Desert Southwest Shows Resilience in Feeding Families Amid COVID-19

Roz Brown | Public News Service
A storytelling project in the desert Southwest demonstrated the resiliency of local food production versus reliance on the industrial food system. Photo Credit: Courtesy Michelle Carreon

When a nonprofit food center in the desert Southwest began a project to chronicle challenges of land and water access combined with climate change, they didn’t know COVID-19 was on the way – which demonstrated unexpected resiliency.

The pandemic turned La Semilla Food Center’s storytelling project into a virtual event, but it was nonetheless a place for participants to share their experiences.

Storyteller Mateo Herrera is a chef and the director of a community-based program to preserve the indigenous foodways of the Chihuahuan Desert.

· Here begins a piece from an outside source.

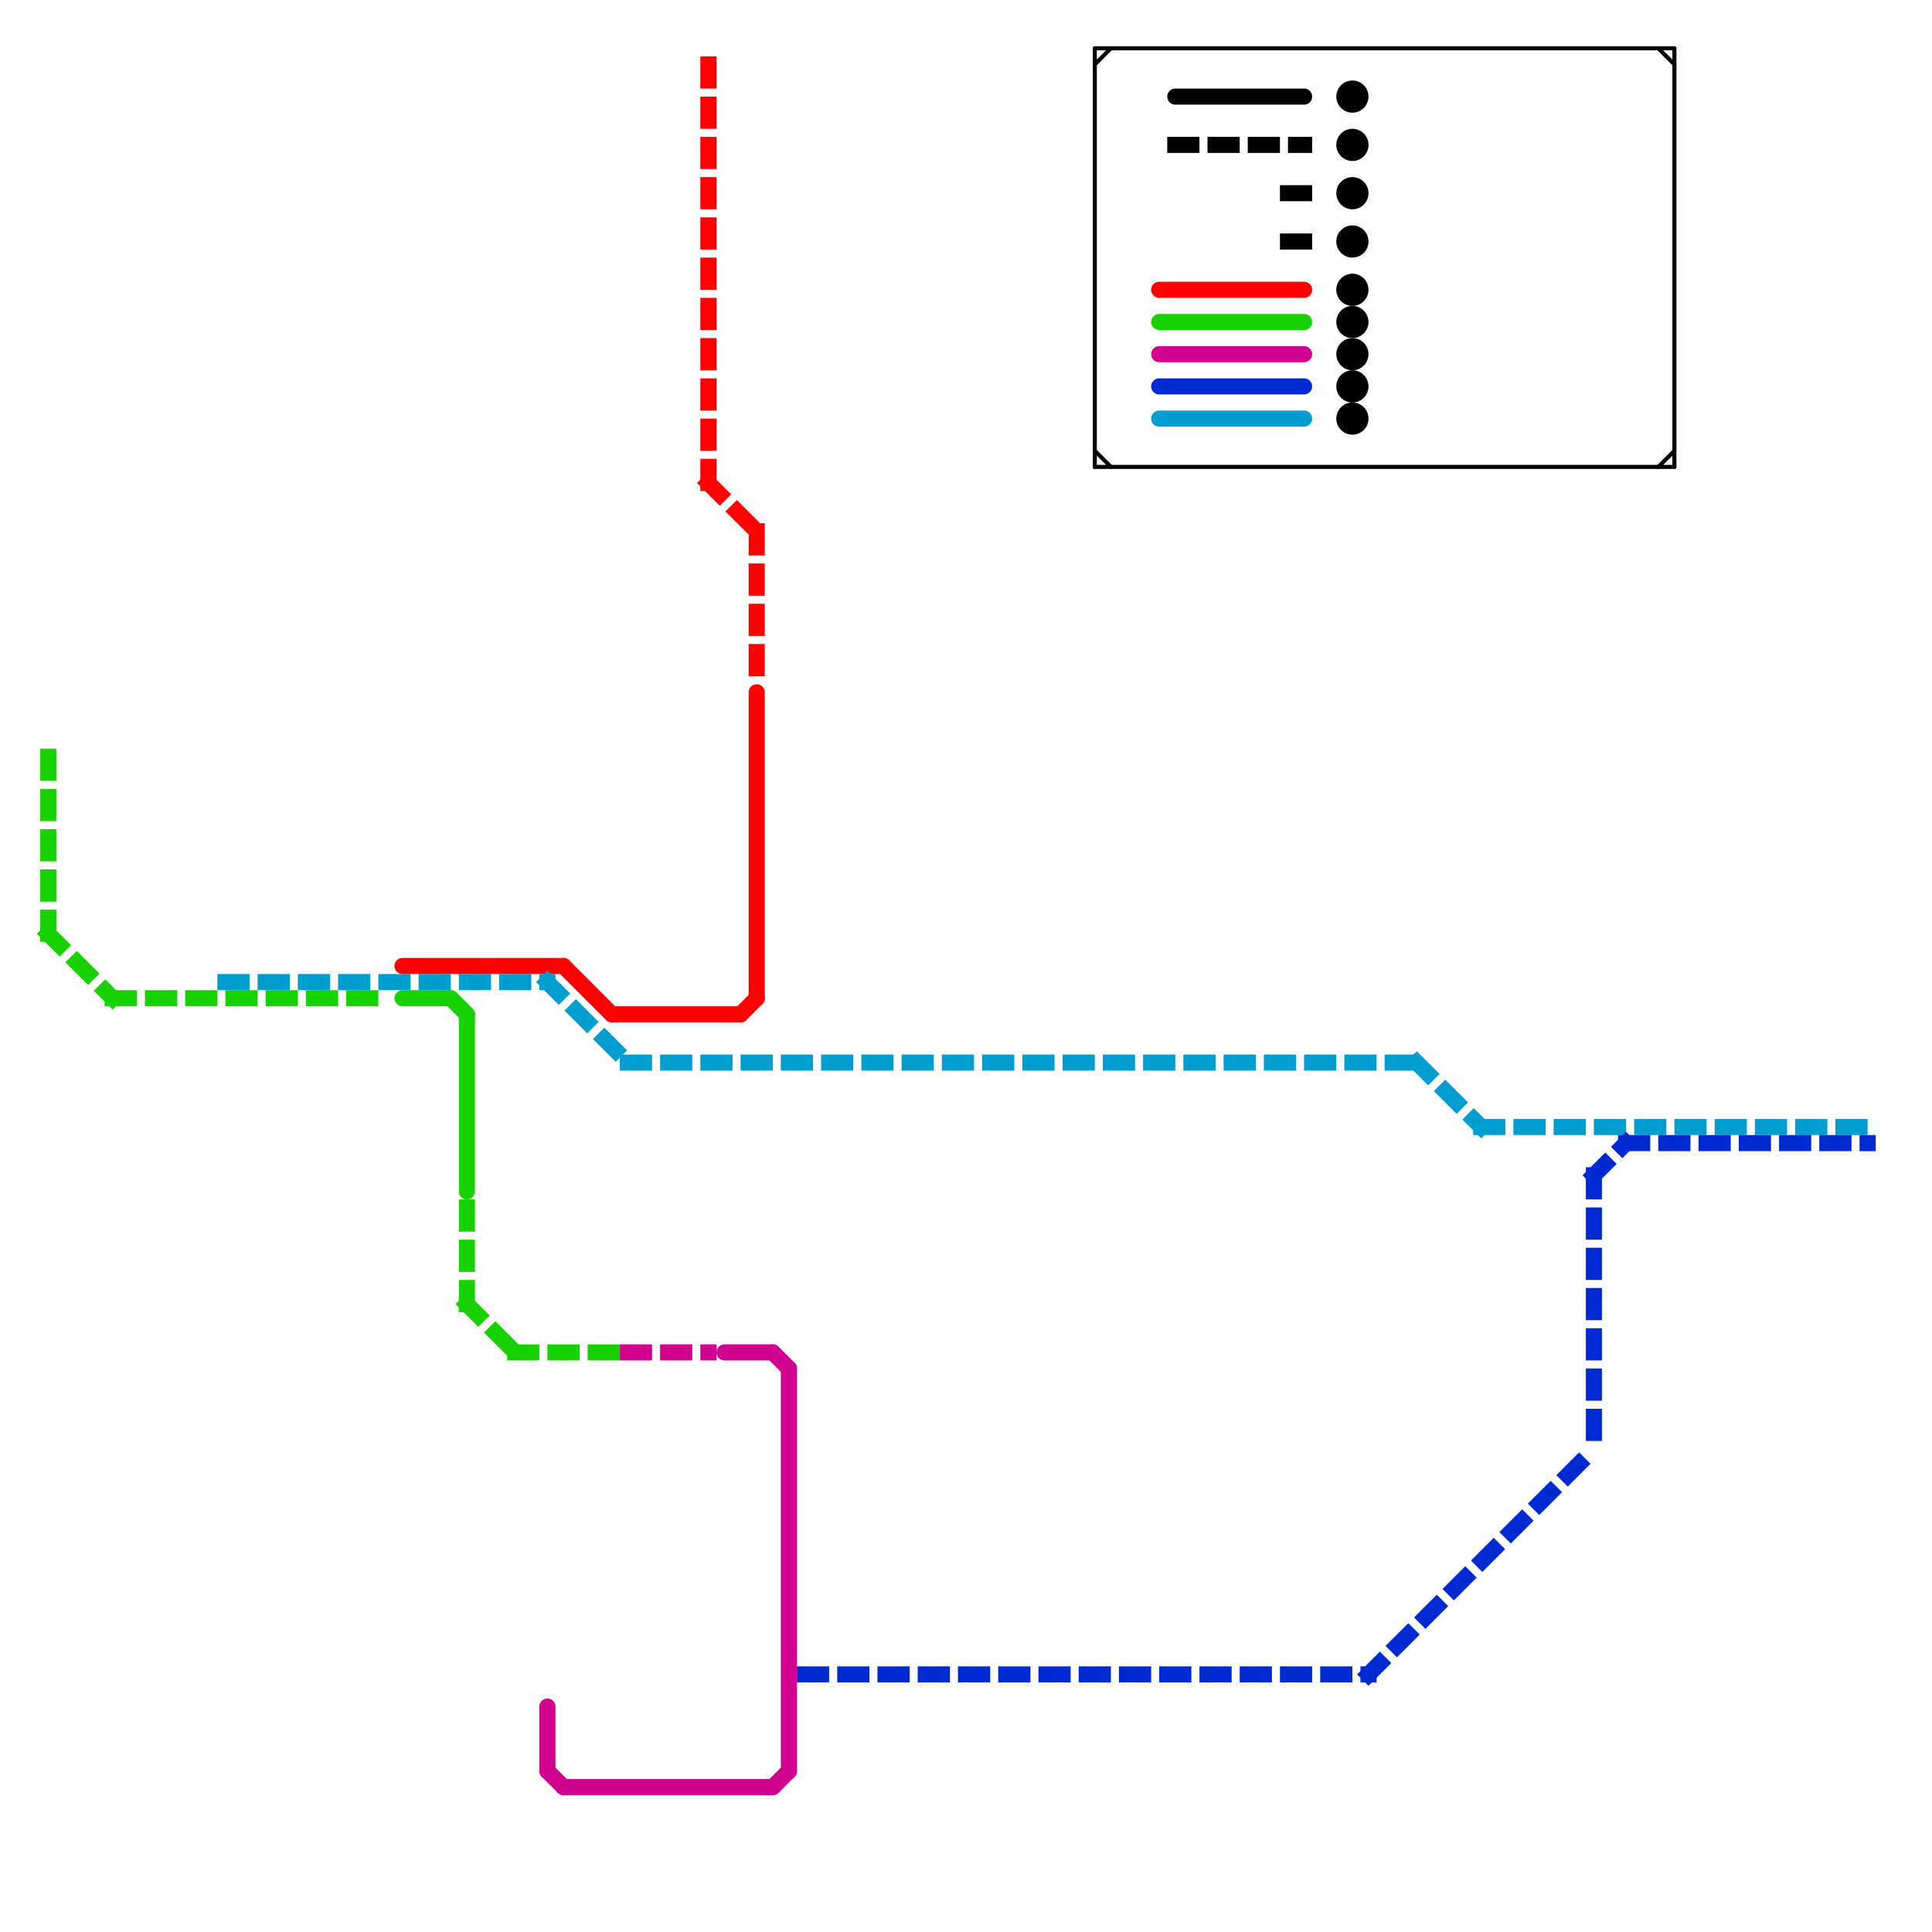 
<svg version="1.1" xmlns="http://www.w3.org/2000/svg" viewBox="0 0 120 120">
<style>text { font: 1px Helvetica; font-weight: 600; white-space: pre; dominant-baseline: central; } line { stroke-width: 1; fill: none; stroke-linecap: round; stroke-linejoin: round; } .c0 { stroke: #ff0000 } .c1 { stroke: #18d100 } .c2 { stroke: #d1008f } .c3 { stroke: #009dd1 } .c4 { stroke: #000000 } .c5 { stroke: #002ad1 } .w1 { stroke-width: 1; }.w4 { stroke-width: .25; }.l1 { stroke-dasharray: 1 1.5; stroke-linecap: square; }</style><defs><g id="wm-xf"><circle r="1.2" fill="#000"/><circle r="0.9" fill="#fff"/><circle r="0.6" fill="#000"/><circle r="0.3" fill="#fff"/></g><g id="wm"><circle r="0.6" fill="#000"/><circle r="0.3" fill="#fff"/></g></defs><line class="c0 l1" x1="44" y1="30" x2="47" y2="33"/><line class="c0 l1" x1="44" y1="4" x2="44" y2="30"/><line class="c0 l1" x1="47" y1="33" x2="47" y2="42"/><line class="c0 " x1="46" y1="63" x2="47" y2="62"/><line class="c0 " x1="35" y1="60" x2="38" y2="63"/><line class="c0 " x1="25" y1="60" x2="35" y2="60"/><line class="c0 " x1="47" y1="43" x2="47" y2="62"/><line class="c0 " x1="38" y1="63" x2="46" y2="63"/><line class="c0 " x1="72" y1="18" x2="81" y2="18"/><line class="c1 " x1="72" y1="20" x2="81" y2="20"/><line class="c1 " x1="28" y1="62" x2="29" y2="63"/><line class="c1 " x1="29" y1="63" x2="29" y2="74"/><line class="c1 " x1="25" y1="62" x2="28" y2="62"/><line class="c1 l1" x1="29" y1="75" x2="29" y2="81"/><line class="c1 l1" x1="3" y1="58" x2="7" y2="62"/><line class="c1 l1" x1="3" y1="47" x2="3" y2="58"/><line class="c1 l1" x1="7" y1="62" x2="24" y2="62"/><line class="c1 l1" x1="32" y1="84" x2="38" y2="84"/><line class="c1 l1" x1="29" y1="81" x2="32" y2="84"/><line class="c2 " x1="48" y1="84" x2="49" y2="85"/><line class="c2 " x1="45" y1="84" x2="48" y2="84"/><line class="c2 " x1="49" y1="85" x2="49" y2="110"/><line class="c2 " x1="34" y1="110" x2="35" y2="111"/><line class="c2 " x1="35" y1="111" x2="48" y2="111"/><line class="c2 " x1="72" y1="22" x2="81" y2="22"/><line class="c2 " x1="34" y1="106" x2="34" y2="110"/><line class="c2 " x1="48" y1="111" x2="49" y2="110"/><line class="c2 l1" x1="39" y1="84" x2="44" y2="84"/><line class="c3 l1" x1="88" y1="66" x2="92" y2="70"/><line class="c3 l1" x1="34" y1="61" x2="39" y2="66"/><line class="c3 l1" x1="14" y1="61" x2="34" y2="61"/><line class="c3 l1" x1="39" y1="66" x2="88" y2="66"/><line class="c3 l1" x1="92" y1="70" x2="116" y2="70"/><line class="c3 " x1="72" y1="26" x2="81" y2="26"/><line class="c4 " x1="73" y1="6" x2="81" y2="6"/><line class="c4 l1" x1="73" y1="9" x2="81" y2="9"/><line class="c4 l1" x1="80" y1="12" x2="81" y2="12"/><line class="c4 l1" x1="80" y1="15" x2="81" y2="15"/><circle cx="84" cy="24" r="1" fill="#000000" /><circle cx="84" cy="20" r="1" fill="#000000" /><circle cx="84" cy="26" r="1" fill="#000000" /><circle cx="84" cy="6" r="1" fill="#000000" /><circle cx="84" cy="9" r="1" fill="#000000" /><circle cx="84" cy="15" r="1" fill="#000000" /><circle cx="84" cy="22" r="1" fill="#000000" /><circle cx="84" cy="12" r="1" fill="#000000" /><circle cx="84" cy="18" r="1" fill="#000000" /><line class="c4 w4" x1="68" y1="4" x2="69" y2="3"/><line class="c4 w4" x1="68" y1="3" x2="68" y2="29"/><line class="c4 w4" x1="103" y1="29" x2="104" y2="28"/><line class="c4 w4" x1="104" y1="3" x2="104" y2="29"/><line class="c4 w4" x1="68" y1="28" x2="69" y2="29"/><line class="c4 w4" x1="103" y1="3" x2="104" y2="4"/><line class="c4 w4" x1="68" y1="29" x2="104" y2="29"/><line class="c4 w4" x1="68" y1="3" x2="104" y2="3"/><line class="c5 " x1="72" y1="24" x2="81" y2="24"/><line class="c5 l1" x1="50" y1="104" x2="85" y2="104"/><line class="c5 l1" x1="101" y1="71" x2="116" y2="71"/><line class="c5 l1" x1="85" y1="104" x2="99" y2="90"/><line class="c5 l1" x1="99" y1="73" x2="99" y2="90"/><line class="c5 l1" x1="99" y1="73" x2="101" y2="71"/>
</svg>

He said he wanted to shine a light on local food producers who have fed their neighbors for generations.

“For me it was like our local farmers showing up and being, like, ‘We’re here – and, you know, we’re here to take care of you and we’re here to do our best,'” said Herrera. “They’re the heroes. We wouldn’t have this food if it wasn’t for them.”

The storytelling project included local farmers, backyard gardeners, food producers, chefs, restaurant workers, teachers and artists from Las Cruces to El Paso, including the small and rural towns in between.

Rubi Orozco Santos is the director of storytelling and development for La Semilla Food Center.

She said it helped document how policymakers could create more robust food systems by listening to food growers, who despite drought or low-income levels provided those in need with produce and eggs.

“They redirected produce to families or to food pantries,” said Orozco. “And so there was a nimbleness there that was really a stark contrast to the disruption in the food-supply chain at the grocery store.”

Herrera said although farmers lost sales to restaurants and school districts due to pandemic closures, there were “silver lining” moments that allowed many to reconnect with the land and each other.

“And the beautiful thing about it was, during that time of year the farmers out here and the farms out here were thriving and there was food,” said Herrera. “If you knew where to find it, there was plenty of food available.”

The final report is titled: “Snapshots of Resilience: Tending Land, Sharing Traditions, and Feeding Our Families Before and Amidst COVID-19 Disruptions.